[Stored data]
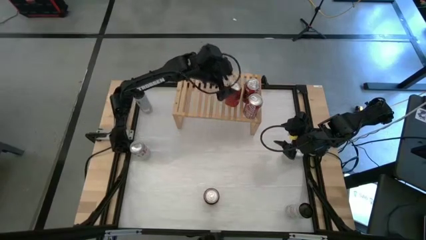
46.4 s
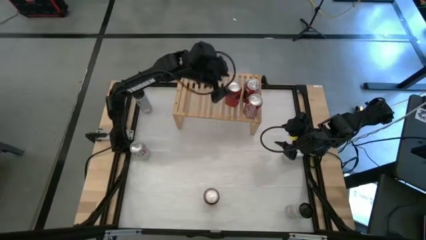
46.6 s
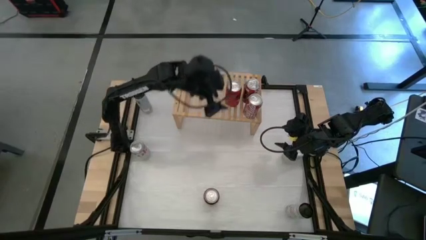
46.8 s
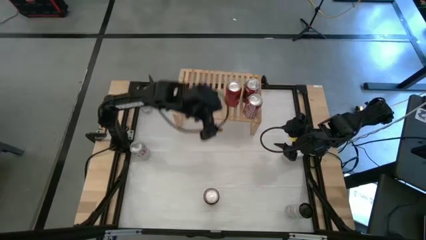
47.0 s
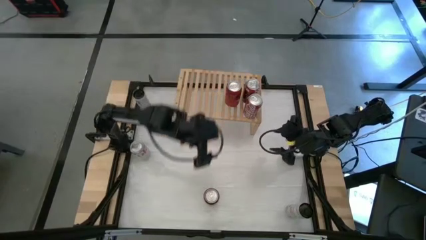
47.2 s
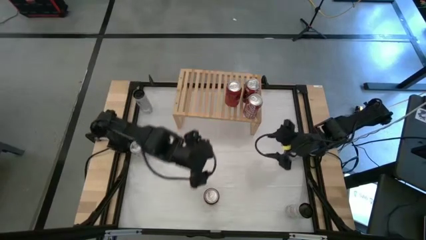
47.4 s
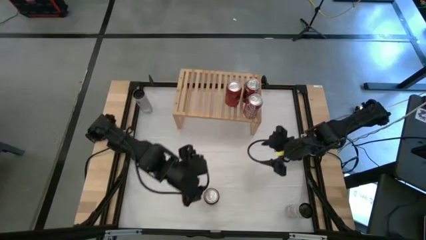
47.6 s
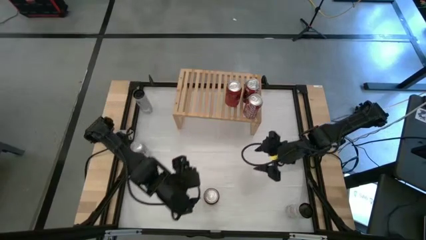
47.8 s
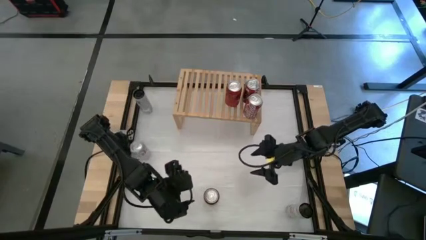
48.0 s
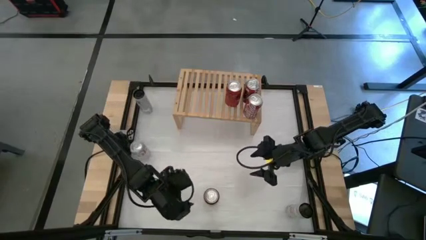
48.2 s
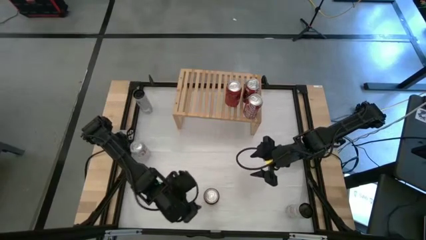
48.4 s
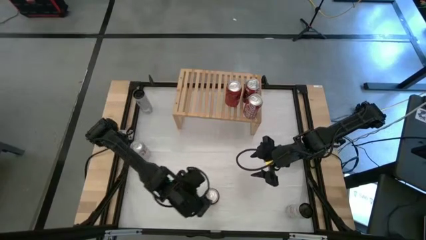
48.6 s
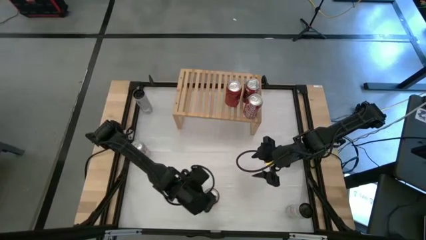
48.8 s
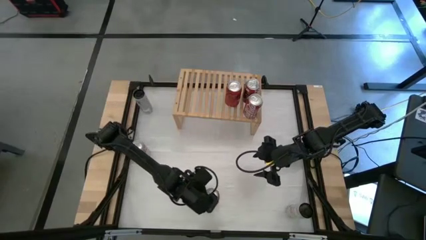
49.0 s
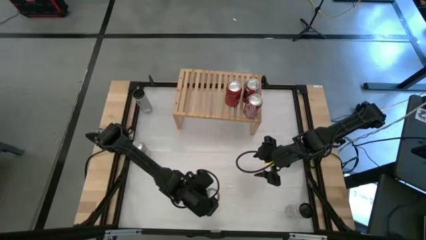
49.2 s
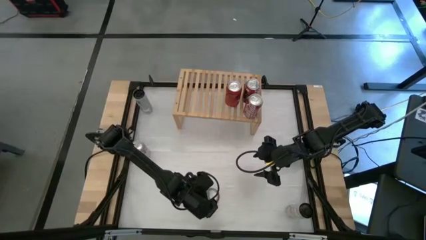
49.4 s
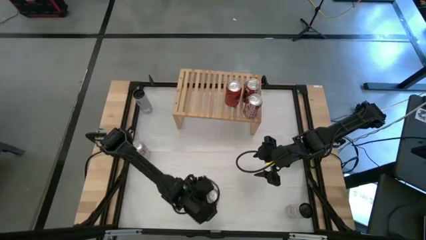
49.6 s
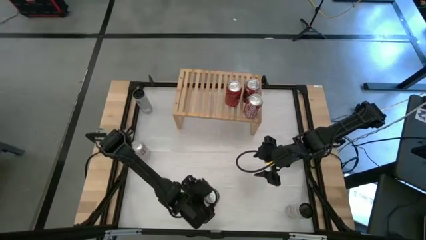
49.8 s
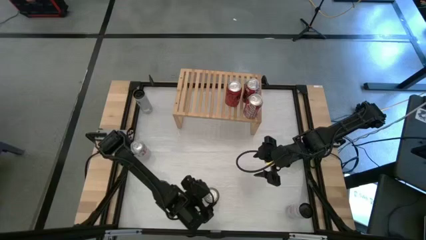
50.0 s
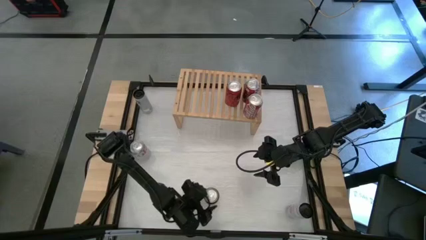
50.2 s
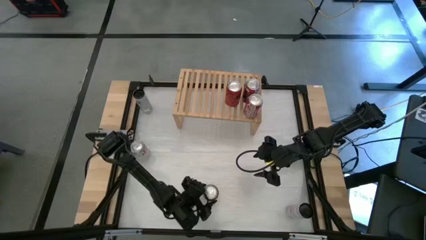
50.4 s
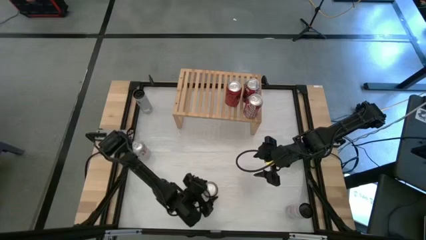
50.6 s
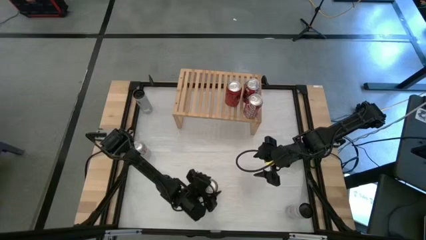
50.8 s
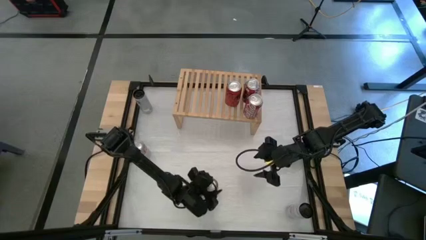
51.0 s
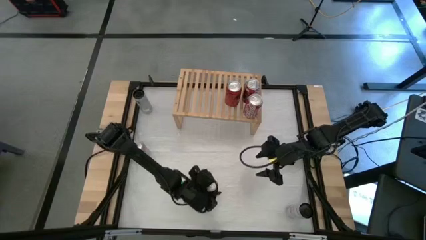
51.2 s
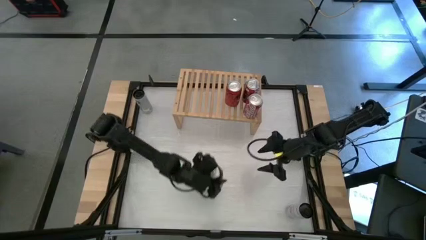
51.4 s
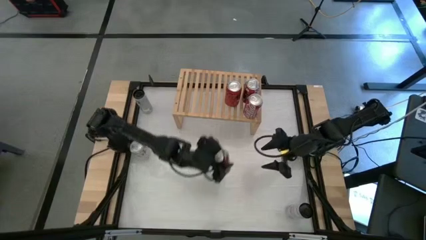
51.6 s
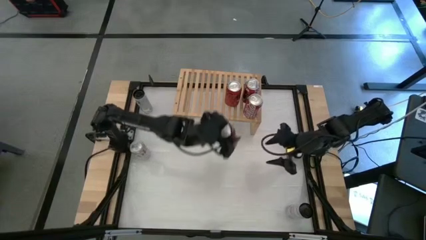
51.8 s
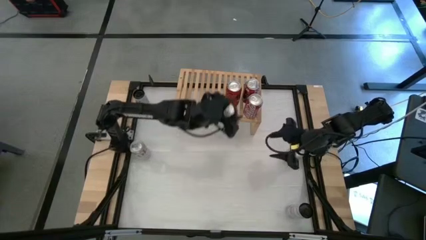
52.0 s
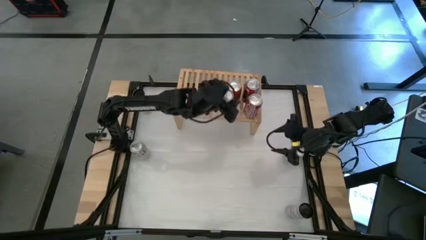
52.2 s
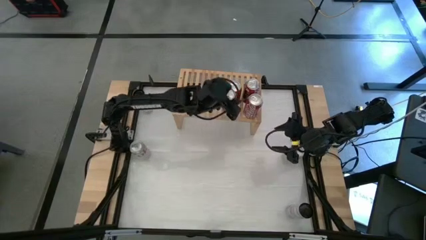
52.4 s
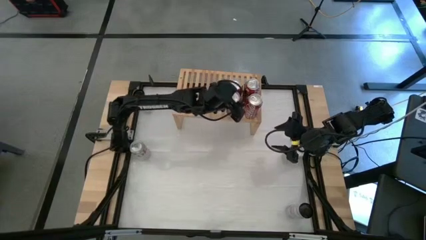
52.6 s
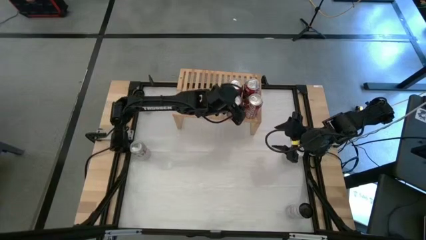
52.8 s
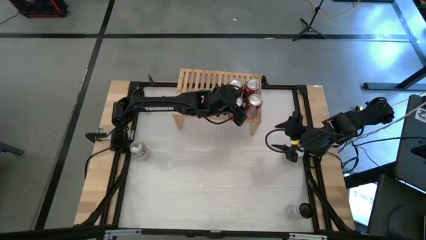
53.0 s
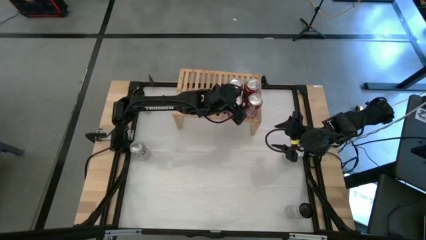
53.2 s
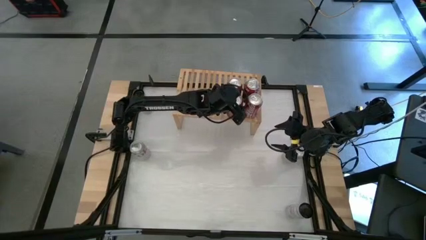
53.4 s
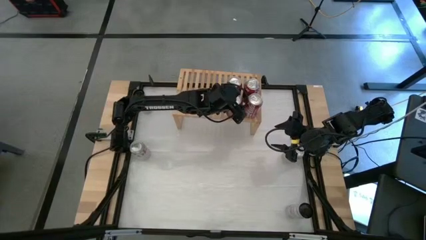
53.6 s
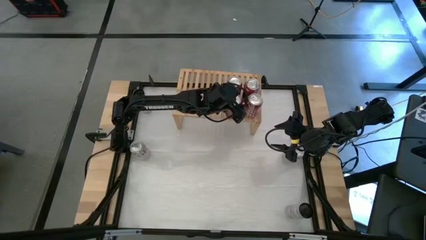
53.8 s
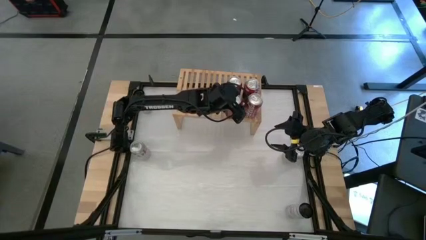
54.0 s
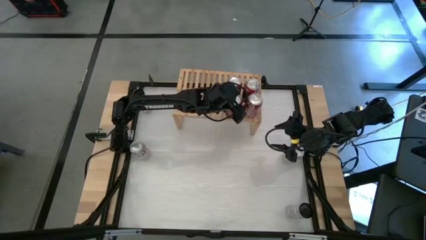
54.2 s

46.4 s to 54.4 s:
Put the red and black soda can on the shelf aligned with the other red and black soda can

— Work item —
When you copy the records above, keep every word exact but leave out the pictures.

— Task result —
46.4 s
46.6 s
46.8 s
47.0 s
47.2 s
47.4 s
47.6 s
47.8 s
48.0 s
48.2 s
48.4 s
48.6 s
48.8 s
49.0 s
49.2 s
49.4 s
49.6 s
49.8 s
50.0 s
50.2 s
50.4 s
50.6 s
50.8 s
51.0 s
51.2 s
51.4 s
51.6 s
51.8 s
52.0 s
52.2 s
52.4 s
52.6 s
52.8 s
53.0 s
53.2 s
53.4 s
53.6 s
53.8 s
54.0 s
54.2 s

46.4 s to 54.4 s:
Put the red and black soda can on the shelf aligned with the other red and black soda can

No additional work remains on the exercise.